Yes, while using RTX 3090, I noticed that the program quickly ran out of GPU memory by epoch 2. However, when I switched to A100, I observed that it consumed nearly 33GB of memory per GPU during training about 40 epochs.

ZikangZhou commented 1 year ago

Hmm... I noticed a similar phenomenon during training. I think there may be several reasons. First, if the number of agents/map elements within a batch happens to be extremely large, then the peak memory cost will blow up. Second, there exists a memory leak in the code (but I can't identify it, maybe someone can help). Lastly, the memory usage displayed by nvidia-smi is not that accurate (I think it is merely showing the buffer size created by the program).

I usually use four A40 (48GB memory) to train models with batch size=8 per GPU. The memory usage shown by nvidia-smi varies from 30GB to ~40GB per GPU.

zaplm commented 1 year ago

Thanks for your response! I will investigate the underlying cause of the memory leak issue.

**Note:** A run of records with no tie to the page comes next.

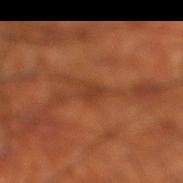workup = imaged on a skin check; not biopsied | lesion size = ~2.5 mm (longest diameter) | automated metrics = a footprint of about 3 mm², an eccentricity of roughly 0.85, and a symmetry-axis asymmetry near 0.4; border irregularity of about 4 on a 0–10 scale, a color-variation rating of about 1/10, and radial color variation of about 0.5; lesion-presence confidence of about 75/100 | tile lighting = cross-polarized | image = ~15 mm crop, total-body skin-cancer survey | patient = male, aged approximately 70 | location = the right thigh.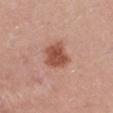– biopsy status — catalogued during a skin exam; not biopsied
– patient — male, about 40 years old
– lesion diameter — ~3.5 mm (longest diameter)
– imaging modality — 15 mm crop, total-body photography
– tile lighting — white-light
– anatomic site — the left upper arm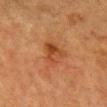Q: Was a biopsy performed?
A: imaged on a skin check; not biopsied
Q: How large is the lesion?
A: ≈3.5 mm
Q: How was the tile lit?
A: cross-polarized illumination
Q: Lesion location?
A: the head or neck
Q: How was this image acquired?
A: total-body-photography crop, ~15 mm field of view
Q: Automated lesion metrics?
A: an eccentricity of roughly 0.65 and a shape-asymmetry score of about 0.4 (0 = symmetric); a lesion color around L≈38 a*≈23 b*≈33 in CIELAB and roughly 7 lightness units darker than nearby skin; border irregularity of about 3.5 on a 0–10 scale, a color-variation rating of about 6.5/10, and radial color variation of about 2.5; an automated nevus-likeness rating near 5 out of 100 and lesion-presence confidence of about 100/100
Q: What are the patient's age and sex?
A: female, aged 53 to 57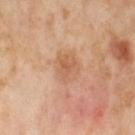Clinical impression: The lesion was tiled from a total-body skin photograph and was not biopsied. Acquisition and patient details: The subject is a female in their mid-50s. The total-body-photography lesion software estimated a border-irregularity index near 2/10 and a peripheral color-asymmetry measure near 1. And it measured an automated nevus-likeness rating near 0 out of 100 and a detector confidence of about 100 out of 100 that the crop contains a lesion. A region of skin cropped from a whole-body photographic capture, roughly 15 mm wide. The lesion is located on the right thigh.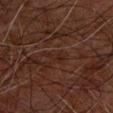Case summary:
– biopsy status · total-body-photography surveillance lesion; no biopsy
– imaging modality · 15 mm crop, total-body photography
– automated lesion analysis · an area of roughly 3.5 mm², an outline eccentricity of about 0.85 (0 = round, 1 = elongated), and a symmetry-axis asymmetry near 0.55; a border-irregularity rating of about 6/10, a within-lesion color-variation index near 1.5/10, and a peripheral color-asymmetry measure near 0.5
– patient · male, aged 78–82
– anatomic site · the right forearm
– lesion size · about 3 mm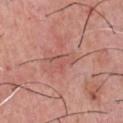Q: Lesion size?
A: ≈3.5 mm
Q: What did automated image analysis measure?
A: an eccentricity of roughly 0.8 and a symmetry-axis asymmetry near 0.35; a mean CIELAB color near L≈55 a*≈26 b*≈26, roughly 6 lightness units darker than nearby skin, and a lesion-to-skin contrast of about 4.5 (normalized; higher = more distinct)
Q: Patient demographics?
A: male, aged 53 to 57
Q: How was this image acquired?
A: ~15 mm crop, total-body skin-cancer survey
Q: Where on the body is the lesion?
A: the front of the torso
Q: Illumination type?
A: white-light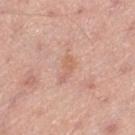Assessment: Captured during whole-body skin photography for melanoma surveillance; the lesion was not biopsied. Clinical summary: A region of skin cropped from a whole-body photographic capture, roughly 15 mm wide. The lesion is on the left thigh. Captured under white-light illumination. A male subject, aged approximately 50.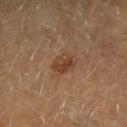The lesion was tiled from a total-body skin photograph and was not biopsied.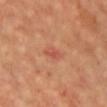| key | value |
|---|---|
| size | ~3 mm (longest diameter) |
| image | 15 mm crop, total-body photography |
| patient | male, aged 63 to 67 |
| site | the chest |
| image-analysis metrics | a footprint of about 3 mm², an eccentricity of roughly 0.85, and two-axis asymmetry of about 0.25; lesion-presence confidence of about 100/100 |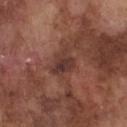The lesion was photographed on a routine skin check and not biopsied; there is no pathology result. The lesion-visualizer software estimated a lesion color around L≈36 a*≈21 b*≈23 in CIELAB, about 9 CIELAB-L* units darker than the surrounding skin, and a normalized lesion–skin contrast near 8. It also reported a border-irregularity rating of about 4/10, a within-lesion color-variation index near 4/10, and peripheral color asymmetry of about 1. The analysis additionally found a nevus-likeness score of about 0/100 and a lesion-detection confidence of about 100/100. Captured under white-light illumination. A region of skin cropped from a whole-body photographic capture, roughly 15 mm wide. A male patient, in their mid- to late 70s. About 3.5 mm across. On the chest.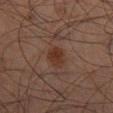Case summary:
• workup — total-body-photography surveillance lesion; no biopsy
• image — 15 mm crop, total-body photography
• diameter — ~2.5 mm (longest diameter)
• lighting — cross-polarized illumination
• patient — male, roughly 70 years of age
• body site — the leg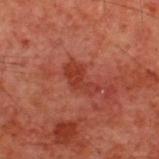Captured during whole-body skin photography for melanoma surveillance; the lesion was not biopsied. The lesion-visualizer software estimated a lesion area of about 6.5 mm², a shape eccentricity near 0.85, and a shape-asymmetry score of about 0.4 (0 = symmetric). It also reported an average lesion color of about L≈30 a*≈26 b*≈26 (CIELAB), a lesion–skin lightness drop of about 6, and a normalized border contrast of about 6.5. It also reported border irregularity of about 5 on a 0–10 scale, a within-lesion color-variation index near 1.5/10, and radial color variation of about 0.5. The analysis additionally found a classifier nevus-likeness of about 0/100 and lesion-presence confidence of about 100/100. A region of skin cropped from a whole-body photographic capture, roughly 15 mm wide. The lesion is located on the back. A male subject, in their 60s.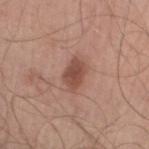| field | value |
|---|---|
| notes | imaged on a skin check; not biopsied |
| imaging modality | ~15 mm tile from a whole-body skin photo |
| diameter | about 3.5 mm |
| subject | male, approximately 50 years of age |
| anatomic site | the leg |
| image-analysis metrics | a lesion-to-skin contrast of about 8 (normalized; higher = more distinct); a border-irregularity rating of about 2.5/10, internal color variation of about 2 on a 0–10 scale, and peripheral color asymmetry of about 0.5; a nevus-likeness score of about 90/100 and a detector confidence of about 100 out of 100 that the crop contains a lesion |
| tile lighting | white-light illumination |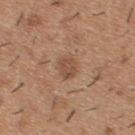workup = catalogued during a skin exam; not biopsied | lighting = white-light illumination | image = 15 mm crop, total-body photography | subject = male, roughly 40 years of age | anatomic site = the back | lesion diameter = about 2.5 mm.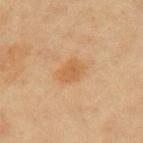Imaged with cross-polarized lighting.
About 3.5 mm across.
A lesion tile, about 15 mm wide, cut from a 3D total-body photograph.
On the left upper arm.
A female subject aged 48–52.
The total-body-photography lesion software estimated an area of roughly 6.5 mm². The software also gave a lesion–skin lightness drop of about 6 and a lesion-to-skin contrast of about 6 (normalized; higher = more distinct). It also reported border irregularity of about 2 on a 0–10 scale, a within-lesion color-variation index near 2/10, and a peripheral color-asymmetry measure near 0.5. It also reported a classifier nevus-likeness of about 50/100 and a detector confidence of about 100 out of 100 that the crop contains a lesion.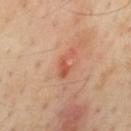Assessment: This lesion was catalogued during total-body skin photography and was not selected for biopsy. Image and clinical context: On the mid back. A male subject aged around 55. A close-up tile cropped from a whole-body skin photograph, about 15 mm across. This is a cross-polarized tile. Longest diameter approximately 3.5 mm.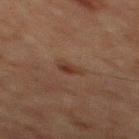Case summary:
– size · about 2.5 mm
– subject · male, roughly 65 years of age
– imaging modality · ~15 mm tile from a whole-body skin photo
– lighting · cross-polarized illumination
– location · the chest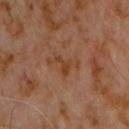Case summary:
- subject · male, aged 58–62
- site · the chest
- imaging modality · 15 mm crop, total-body photography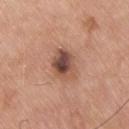The lesion was tiled from a total-body skin photograph and was not biopsied. The lesion's longest dimension is about 4 mm. The tile uses white-light illumination. An algorithmic analysis of the crop reported a lesion area of about 9.5 mm² and two-axis asymmetry of about 0.15. It also reported a mean CIELAB color near L≈50 a*≈21 b*≈27, roughly 14 lightness units darker than nearby skin, and a normalized border contrast of about 9.5. The software also gave a nevus-likeness score of about 30/100 and lesion-presence confidence of about 100/100. From the back. A male subject, aged 73 to 77. Cropped from a total-body skin-imaging series; the visible field is about 15 mm.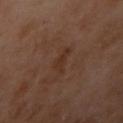Captured during whole-body skin photography for melanoma surveillance; the lesion was not biopsied.
A 15 mm crop from a total-body photograph taken for skin-cancer surveillance.
The patient is a female in their mid-50s.
Captured under cross-polarized illumination.
From the arm.
Measured at roughly 3 mm in maximum diameter.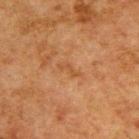follow-up: total-body-photography surveillance lesion; no biopsy | body site: the upper back | patient: male, in their 50s | image: ~15 mm tile from a whole-body skin photo | illumination: cross-polarized | TBP lesion metrics: a lesion color around L≈42 a*≈20 b*≈33 in CIELAB, a lesion–skin lightness drop of about 5, and a lesion-to-skin contrast of about 5 (normalized; higher = more distinct).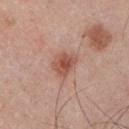Imaged during a routine full-body skin examination; the lesion was not biopsied and no histopathology is available. An algorithmic analysis of the crop reported an area of roughly 6.5 mm². The analysis additionally found a peripheral color-asymmetry measure near 1. And it measured a classifier nevus-likeness of about 90/100 and a detector confidence of about 100 out of 100 that the crop contains a lesion. The lesion is on the chest. A male patient in their mid- to late 20s. This is a white-light tile. A region of skin cropped from a whole-body photographic capture, roughly 15 mm wide.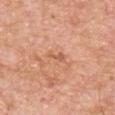Assessment:
Captured during whole-body skin photography for melanoma surveillance; the lesion was not biopsied.
Image and clinical context:
The lesion's longest dimension is about 2.5 mm. Cropped from a total-body skin-imaging series; the visible field is about 15 mm. The total-body-photography lesion software estimated an area of roughly 2.5 mm², a shape eccentricity near 0.9, and two-axis asymmetry of about 0.35. From the chest. Captured under white-light illumination. A male subject, aged approximately 55.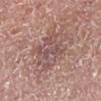| field | value |
|---|---|
| biopsy status | imaged on a skin check; not biopsied |
| subject | male, aged 53 to 57 |
| lesion diameter | about 4.5 mm |
| imaging modality | ~15 mm tile from a whole-body skin photo |
| automated lesion analysis | a lesion area of about 14 mm², an eccentricity of roughly 0.5, and a shape-asymmetry score of about 0.3 (0 = symmetric); a lesion color around L≈52 a*≈19 b*≈21 in CIELAB and a lesion-to-skin contrast of about 5.5 (normalized; higher = more distinct); a border-irregularity rating of about 5/10 and radial color variation of about 1.5; a classifier nevus-likeness of about 0/100 and a detector confidence of about 80 out of 100 that the crop contains a lesion |
| body site | the left lower leg |
| lighting | white-light illumination |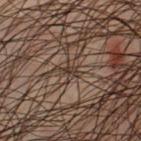The lesion was photographed on a routine skin check and not biopsied; there is no pathology result. A male patient, aged 43–47. Cropped from a whole-body photographic skin survey; the tile spans about 15 mm. Located on the chest.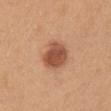Background:
About 4 mm across. A female patient, about 55 years old. A 15 mm close-up extracted from a 3D total-body photography capture. The lesion is located on the chest. The total-body-photography lesion software estimated a lesion area of about 11 mm² and a shape-asymmetry score of about 0.2 (0 = symmetric). And it measured a mean CIELAB color near L≈52 a*≈24 b*≈33, about 14 CIELAB-L* units darker than the surrounding skin, and a normalized lesion–skin contrast near 9.5. The analysis additionally found a border-irregularity rating of about 2/10, a within-lesion color-variation index near 5.5/10, and radial color variation of about 2. And it measured a classifier nevus-likeness of about 100/100 and a detector confidence of about 100 out of 100 that the crop contains a lesion.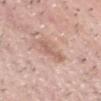- biopsy status · imaged on a skin check; not biopsied
- image · ~15 mm crop, total-body skin-cancer survey
- size · ~3 mm (longest diameter)
- illumination · white-light
- TBP lesion metrics · a mean CIELAB color near L≈60 a*≈20 b*≈26 and roughly 9 lightness units darker than nearby skin; a border-irregularity rating of about 5.5/10, a color-variation rating of about 0/10, and a peripheral color-asymmetry measure near 0
- location · the head or neck
- patient · male, approximately 50 years of age

ghost commented 1 year ago

@zaplm @flclain @ZikangZhou Hi, I encountered similar problem, have you investigated the underlying cause of the memory leak issue? I train the model with batch size=4 per GPU on 4 RTX 4090(24GB), it's normal and costs 20GB per GPU at the beginning, but run out of GPU memory by epoch 3. I try to reduce batch size=2 per GPU, but still run out of GPU memory later.

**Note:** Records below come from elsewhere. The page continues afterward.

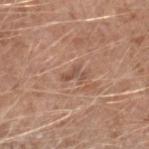follow-up: no biopsy performed (imaged during a skin exam) | body site: the arm | diameter: about 2.5 mm | patient: male, aged approximately 60 | image source: ~15 mm crop, total-body skin-cancer survey | automated lesion analysis: an area of roughly 3 mm², a shape eccentricity near 0.85, and two-axis asymmetry of about 0.55; an average lesion color of about L≈52 a*≈20 b*≈27 (CIELAB), roughly 8 lightness units darker than nearby skin, and a lesion-to-skin contrast of about 6 (normalized; higher = more distinct); a border-irregularity index near 6/10, a within-lesion color-variation index near 0/10, and radial color variation of about 0; a nevus-likeness score of about 0/100 and a detector confidence of about 95 out of 100 that the crop contains a lesion | lighting: white-light illumination.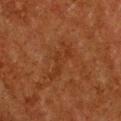Captured during whole-body skin photography for melanoma surveillance; the lesion was not biopsied.
The subject is a female aged 48 to 52.
A roughly 15 mm field-of-view crop from a total-body skin photograph.
The recorded lesion diameter is about 5 mm.
On the chest.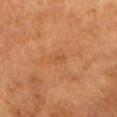Q: Was this lesion biopsied?
A: catalogued during a skin exam; not biopsied
Q: Illumination type?
A: cross-polarized
Q: Patient demographics?
A: female, approximately 65 years of age
Q: How was this image acquired?
A: ~15 mm crop, total-body skin-cancer survey
Q: Lesion location?
A: the head or neck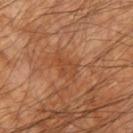Findings:
* follow-up · imaged on a skin check; not biopsied
* image source · ~15 mm crop, total-body skin-cancer survey
* automated metrics · a lesion area of about 5.5 mm², a shape eccentricity near 0.85, and a symmetry-axis asymmetry near 0.4; a lesion-detection confidence of about 100/100
* diameter · ~3.5 mm (longest diameter)
* site · the arm
* subject · male, aged around 60
* lighting · cross-polarized illumination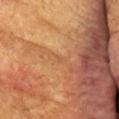* biopsy status — no biopsy performed (imaged during a skin exam)
* location — the head or neck
* image-analysis metrics — border irregularity of about 2.5 on a 0–10 scale, a within-lesion color-variation index near 0/10, and peripheral color asymmetry of about 0; a classifier nevus-likeness of about 0/100 and lesion-presence confidence of about 75/100
* patient — female, in their 70s
* illumination — cross-polarized illumination
* imaging modality — total-body-photography crop, ~15 mm field of view
* lesion size — about 1 mm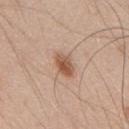Q: Was a biopsy performed?
A: catalogued during a skin exam; not biopsied
Q: Lesion location?
A: the upper back
Q: What kind of image is this?
A: ~15 mm tile from a whole-body skin photo
Q: How was the tile lit?
A: white-light
Q: What are the patient's age and sex?
A: male, approximately 50 years of age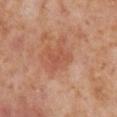Notes:
* follow-up — catalogued during a skin exam; not biopsied
* image-analysis metrics — a mean CIELAB color near L≈53 a*≈26 b*≈33, roughly 6 lightness units darker than nearby skin, and a normalized border contrast of about 4.5
* image — 15 mm crop, total-body photography
* diameter — about 3 mm
* patient — female, aged 53–57
* lighting — cross-polarized illumination
* site — the leg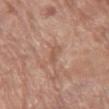Clinical impression:
The lesion was tiled from a total-body skin photograph and was not biopsied.
Acquisition and patient details:
The recorded lesion diameter is about 3 mm. A female patient aged 73–77. A lesion tile, about 15 mm wide, cut from a 3D total-body photograph. The lesion is located on the right thigh.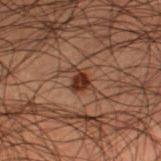| key | value |
|---|---|
| anatomic site | the left lower leg |
| patient | male, aged 48 to 52 |
| imaging modality | ~15 mm crop, total-body skin-cancer survey |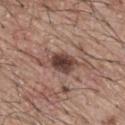Case summary:
* notes: catalogued during a skin exam; not biopsied
* location: the mid back
* illumination: white-light illumination
* imaging modality: total-body-photography crop, ~15 mm field of view
* patient: male, approximately 65 years of age
* TBP lesion metrics: internal color variation of about 5.5 on a 0–10 scale and peripheral color asymmetry of about 1; an automated nevus-likeness rating near 90 out of 100 and a detector confidence of about 100 out of 100 that the crop contains a lesion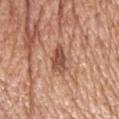The lesion was tiled from a total-body skin photograph and was not biopsied.
From the head or neck.
A region of skin cropped from a whole-body photographic capture, roughly 15 mm wide.
The patient is a male aged around 80.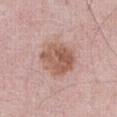This lesion was catalogued during total-body skin photography and was not selected for biopsy.
The tile uses white-light illumination.
The subject is a male about 60 years old.
The lesion is on the abdomen.
A close-up tile cropped from a whole-body skin photograph, about 15 mm across.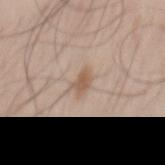The lesion is on the mid back. This is a white-light tile. About 2.5 mm across. A close-up tile cropped from a whole-body skin photograph, about 15 mm across. A male subject in their mid- to late 40s.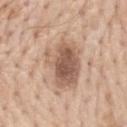Clinical impression:
No biopsy was performed on this lesion — it was imaged during a full skin examination and was not determined to be concerning.
Background:
Cropped from a whole-body photographic skin survey; the tile spans about 15 mm. A male patient, about 70 years old. The lesion is located on the mid back. About 7.5 mm across. Imaged with white-light lighting. Automated tile analysis of the lesion measured an average lesion color of about L≈60 a*≈17 b*≈29 (CIELAB) and a normalized lesion–skin contrast near 7. The software also gave a classifier nevus-likeness of about 85/100 and lesion-presence confidence of about 100/100.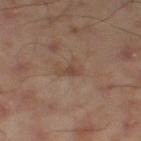workup: catalogued during a skin exam; not biopsied.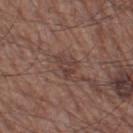Q: Was this lesion biopsied?
A: total-body-photography surveillance lesion; no biopsy
Q: What is the imaging modality?
A: 15 mm crop, total-body photography
Q: Lesion location?
A: the left thigh
Q: How large is the lesion?
A: ~3 mm (longest diameter)
Q: What did automated image analysis measure?
A: a lesion area of about 4.5 mm², a shape eccentricity near 0.75, and a shape-asymmetry score of about 0.45 (0 = symmetric); a nevus-likeness score of about 0/100 and a lesion-detection confidence of about 95/100
Q: Who is the patient?
A: male, in their 60s
Q: Illumination type?
A: white-light illumination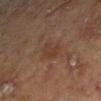The lesion was photographed on a routine skin check and not biopsied; there is no pathology result.
The total-body-photography lesion software estimated a footprint of about 4 mm², a shape eccentricity near 0.8, and a symmetry-axis asymmetry near 0.4. The software also gave a mean CIELAB color near L≈31 a*≈16 b*≈25, a lesion–skin lightness drop of about 5, and a normalized lesion–skin contrast near 5.5. The software also gave a border-irregularity rating of about 4/10 and a peripheral color-asymmetry measure near 0.5.
A roughly 15 mm field-of-view crop from a total-body skin photograph.
A female patient roughly 80 years of age.
Located on the left forearm.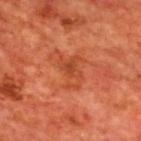The recorded lesion diameter is about 4 mm. This is a cross-polarized tile. The subject is a male aged approximately 70. On the upper back. A close-up tile cropped from a whole-body skin photograph, about 15 mm across.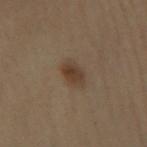Captured during whole-body skin photography for melanoma surveillance; the lesion was not biopsied.
Automated tile analysis of the lesion measured a mean CIELAB color near L≈32 a*≈12 b*≈23, a lesion–skin lightness drop of about 7, and a normalized border contrast of about 7.5. It also reported border irregularity of about 1.5 on a 0–10 scale, a within-lesion color-variation index near 2.5/10, and peripheral color asymmetry of about 1. It also reported a classifier nevus-likeness of about 95/100 and a lesion-detection confidence of about 100/100.
Captured under cross-polarized illumination.
From the right lower leg.
A female subject, about 50 years old.
Approximately 3 mm at its widest.
Cropped from a whole-body photographic skin survey; the tile spans about 15 mm.

zaplm commented 1 year ago

@Qingfeng800, you can also attempt to decrease the radius, which will also result in lower GPU memory usage.

ghost commented 1 year ago

@zaplm

@Qingfeng800, you can also attempt to decrease the radius, which will also result in lower GPU memory usage.

Yes, adjusting hyperparameters can reduce graphics memory, but it may affect accuracy. As the GPU memory gradually increases with model training, there must be bug within the code.

flclain commented 1 year ago

@zaplm @flclain @ZikangZhou Hi, I encountered similar problem, have you investigated the underlying cause of the memory leak issue? I train the model with batch size=4 per GPU on 4 RTX 4090(24GB), it's normal and costs 20GB per GPU at the beginning, but run out of GPU memory by epoch 3. I try to reduce batch size=2 per GPU, but still run out of GPU memory later.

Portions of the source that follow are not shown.